**TASK DIRECTIONS:** Please transcribe the listing below in full and word for word, without its pictures.

**MATERIALS PROVIDED:**
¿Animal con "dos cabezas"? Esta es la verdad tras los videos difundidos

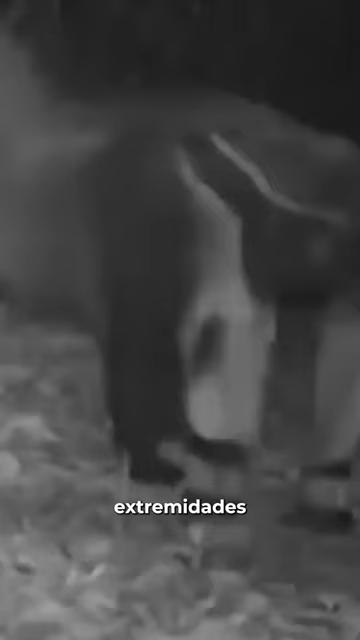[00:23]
Estos curiosos animales usan sus extremidades para excavar y buscar hormigas y termitas, su comida favorita,
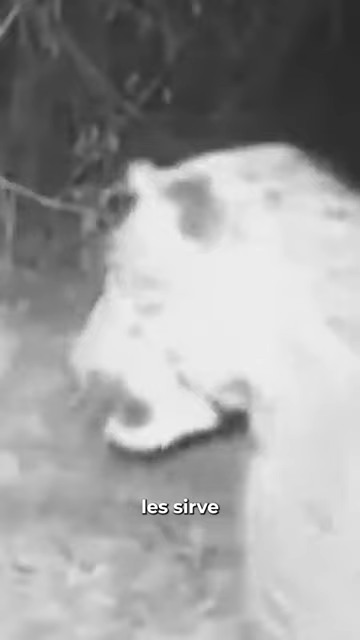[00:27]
pero también les sirve para asustar y confundir a sus depredadores y poder tener más tiempo de escapar de ellos.
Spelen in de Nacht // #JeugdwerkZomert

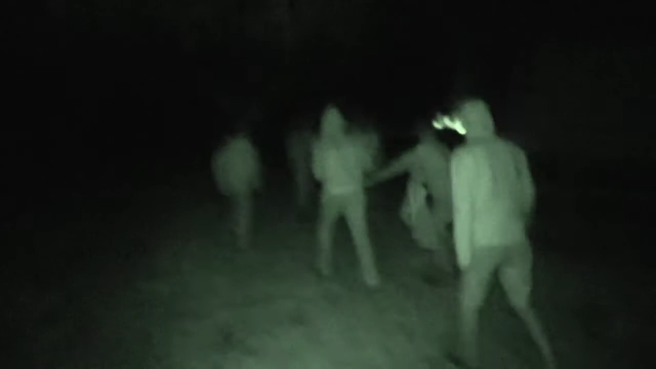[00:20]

**TASK RESPONSE:**
¿Animal con "dos cabezas"? Esta es la verdad tras los videos difundidos

[00:23]
Estos curiosos animales usan sus extremidades para excavar y buscar hormigas y termitas, su comida favorita,
[00:27]
pero también les sirve para asustar y confundir a sus depredadores y poder tener más tiempo de escapar de ellos.
Spelen in de Nacht // #JeugdwerkZomert

[00:20]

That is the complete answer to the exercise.